Film focusing on Topnaar people’s connections to the ocean screened at Climate COP28

At Climate COP28 (Dubai, November 2023), an extract from a short film produced by the Hub titled “Hurinin, People of the Sea” was screened at the Ocean Decade + OceanX Pavilion. The film portrays Topnaar people’s continued connection to the ocean, despite having been displaced from the coast in Namibia. The film shows Topnaar youth Glenn Kasper’s research efforts to engage with the elders’ living memories of their people’s intangible cultural heritage, and how the Hub has been facilitating connections between the Topnaar people and decision-makers, so they can be recognised as stakeholders and right-holders in ocean-climate governance processes.

Read impact story here >>

BBNJ Agreement includes provisions on regional strategic environmental assessments and iterative capacity building as advocated by the Hub

In 2023, the new “high seas treaty” or Agreement on the Conservation and Sustainable Use of Marine Biodiversity of Areas beyond National Jurisdiction (BBNJ) was adopted, with provisions on regional strategic environmental assessments and on iterative capacity building, as advocated by the Hub during the latest rounds of international negotiations in 2022 (see herehere and here).
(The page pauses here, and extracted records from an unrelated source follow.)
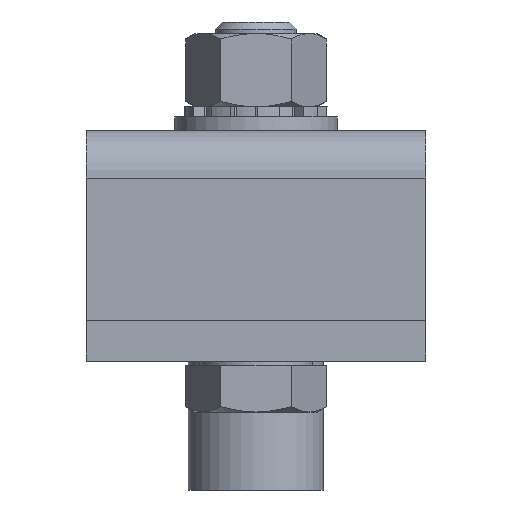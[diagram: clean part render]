
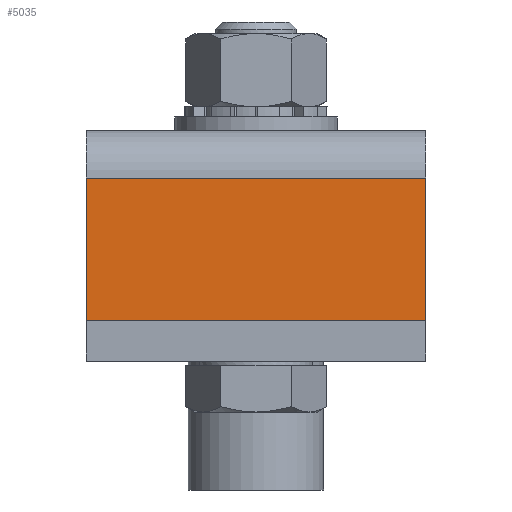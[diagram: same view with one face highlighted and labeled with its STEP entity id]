
A CAD part, left-side view. The second image highlights one B-rep face of the part: STEP entity #5035.
In plain terms, the highlighted planar face has unit normal (-1, 0, 0).
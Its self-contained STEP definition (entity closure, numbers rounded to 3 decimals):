
#282=PLANE('',#5642);
#581=FACE_OUTER_BOUND('',#893,.T.);
#893=EDGE_LOOP('',(#4543,#4544,#4545,#4546));
#1545=LINE('',#9029,#1905);
#1546=LINE('',#9031,#1906);
#1547=LINE('',#9033,#1907);
#1548=LINE('',#9034,#1908);
#1905=VECTOR('',#7132,10.);
#1906=VECTOR('',#7133,10.);
#1907=VECTOR('',#7134,10.);
#1908=VECTOR('',#7135,10.);
#2395=VERTEX_POINT('',#9027);
#2396=VERTEX_POINT('',#9028);
#2397=VERTEX_POINT('',#9030);
#2398=VERTEX_POINT('',#9032);
#3125=EDGE_CURVE('',#2395,#2396,#1545,.T.);
#3126=EDGE_CURVE('',#2397,#2396,#1546,.T.);
#3127=EDGE_CURVE('',#2397,#2398,#1547,.T.);
#3128=EDGE_CURVE('',#2395,#2398,#1548,.T.);
#4543=ORIENTED_EDGE('',*,*,#3125,.T.);
#4544=ORIENTED_EDGE('',*,*,#3126,.F.);
#4545=ORIENTED_EDGE('',*,*,#3127,.T.);
#4546=ORIENTED_EDGE('',*,*,#3128,.F.);
#5035=ADVANCED_FACE('',(#581),#282,.T.);
#5642=AXIS2_PLACEMENT_3D('',#9026,#7130,#7131);
#7130=DIRECTION('center_axis',(-1.,0.,0.));
#7131=DIRECTION('ref_axis',(0.,-1.,0.));
#7132=DIRECTION('',(0.,0.,1.));
#7133=DIRECTION('',(0.,-1.,0.));
#7134=DIRECTION('',(0.,0.,-1.));
#7135=DIRECTION('',(0.,1.,0.));
#9026=CARTESIAN_POINT('Origin',(7.733,50.08,6.));
#9027=CARTESIAN_POINT('',(7.733,0.08,6.));
#9028=CARTESIAN_POINT('',(7.733,0.08,27.));
#9029=CARTESIAN_POINT('',(7.733,0.08,27.));
#9030=CARTESIAN_POINT('',(7.733,50.08,27.));
#9031=CARTESIAN_POINT('',(7.733,50.08,27.));
#9032=CARTESIAN_POINT('',(7.733,50.08,6.));
#9033=CARTESIAN_POINT('',(7.733,50.08,27.));
#9034=CARTESIAN_POINT('',(7.733,37.58,6.));
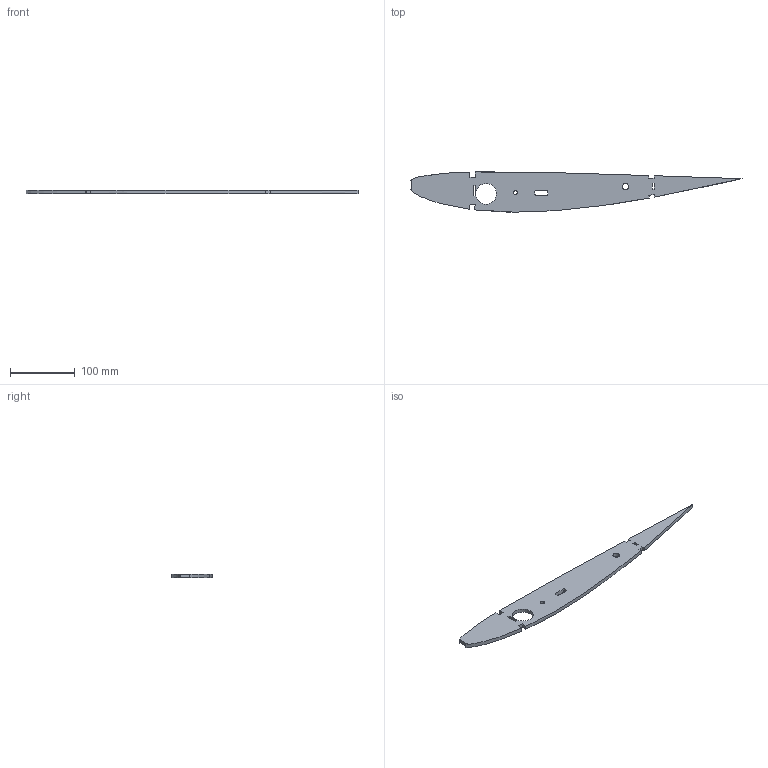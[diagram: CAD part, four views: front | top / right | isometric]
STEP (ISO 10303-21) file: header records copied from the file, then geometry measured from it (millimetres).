
FILE_DESCRIPTION(('CATIA V5 STEP','CAx-IF Rec.Pracs.--- Model Styling and Organization---1.5--- 2016-08-15','CAx-IF Rec.Pracs.---Supplemental Geometry---1.0---2011-11-01','CAx-IF Rec.Pracs.--- Composite Materials ---3.4---2017-06-13','CAx-IF Rec.Pracs.---External References---2.1---2005-01-19','CAx-IF Rec.Pracs.---Tessellated 3D Geometry---1.0---2015-12-17'),'2;1');
FILE_NAME('Symmetry of W3_Rib_A_Poplar_6mm_1.stp','2023-07-10T17:27:40+00:00',('none'),('none'),'CATIA Version 5-6 Release 2020 SP6','CATIA V5 STEP AP242 v2','none');
FILE_SCHEMA(('AP242_MANAGED_MODEL_BASED_3D_ENGINEERING_MIM_LF {1 0 10303 442 1 1 4}'));
Length unit declared in the file: millimetre
Products named in the file (1): Symmetry of W3_Rib_A_Poplar_6mm_1
Bounding box: 512.27 x 62.21 x 6 mm (x, y, z)
Volume: 121048.9 mm3; surface area: 48563.3 mm2
Topology: 1 solids, 1 shells, 45 faces, 129 edges, 86 vertices
Faces by surface type: plane 29, cylinder 10, extrusion 6
Entity records: 1647 total; most frequent: CARTESIAN_POINT 456, ORIENTED_EDGE 258, DIRECTION 195, EDGE_CURVE 129, VECTOR 103, LINE 97, VERTEX_POINT 86, AXIS2_PLACEMENT_3D 57
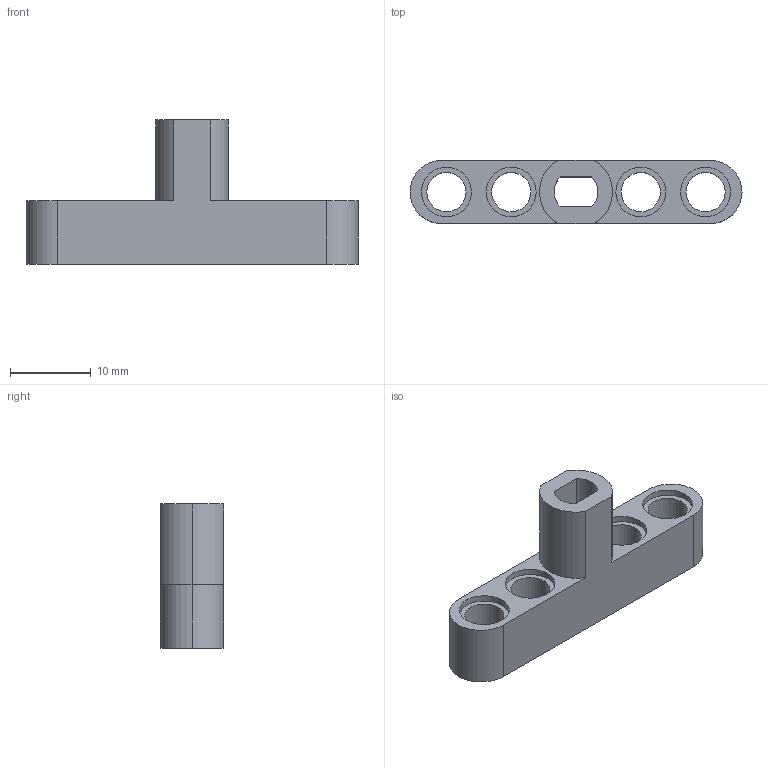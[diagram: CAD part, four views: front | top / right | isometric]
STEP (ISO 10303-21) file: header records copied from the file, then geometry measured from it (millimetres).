
FILE_DESCRIPTION (( 'STEP AP214' ), '1' );
FILE_NAME ('µç»úÊä³ö¼þ1.STEP', '2018-09-21T09:29:50', ( '' ), ( '' ), 'SwSTEP 2.0', 'SolidWorks 2014', '' );
FILE_SCHEMA (( 'AUTOMOTIVE_DESIGN' ));
Length unit declared in the file: millimetre
Products named in the file (1): 萇儂怀堤璃1
Bounding box: 41 x 7.8 x 17.8 mm (x, y, z)
Volume: 2018.6 mm3; surface area: 2203.4 mm2
Topology: 1 solids, 1 shells, 50 faces, 120 edges, 80 vertices
Faces by surface type: cylinder 34, plane 16
Entity records: 1546 total; most frequent: DIRECTION 290, CARTESIAN_POINT 251, ORIENTED_EDGE 240, EDGE_CURVE 120, AXIS2_PLACEMENT_3D 119, VERTEX_POINT 80, EDGE_LOOP 68, CIRCLE 68

In 2024, the Hub will produce a new series of policy briefs to support the implementation of the BBNJ Agreement, building on our latest inter-disciplinary and trans-disciplinary research findings, which have also been included in our submissions to the three international courts required to clarify States’ obligations on climate change.

Read more here here and here >>

Listen to our podcast here >>

More than 7000 visitors to ‘Undercurrents: Art and Ocean in Africa and the Pacific’

The exhibition Undercurrents: Art and Ocean in Africa and the Pacific showcased creative DEEP Fund outputs. Iterations of the exhibition were held at the Glasgow School of Art’s Reid Gallery in April 2023, the London Biennale in June 2023, and at the 7th Melanesian Arts and Culture Festival in Vanuatu in July 2023. These exhibitions attracted over 7000 visitors. A digital version of the exhibition is available here, and individual projects will be incorporated into the One Ocean Learn platform. The transformative potential of art for ocean governance exemplified by the DEEP Fund projects will be discussed at the 3rd World Biodiversity Forum 2024 “From Science to Action” (Davos, Switzerland, 16-20 June 2024).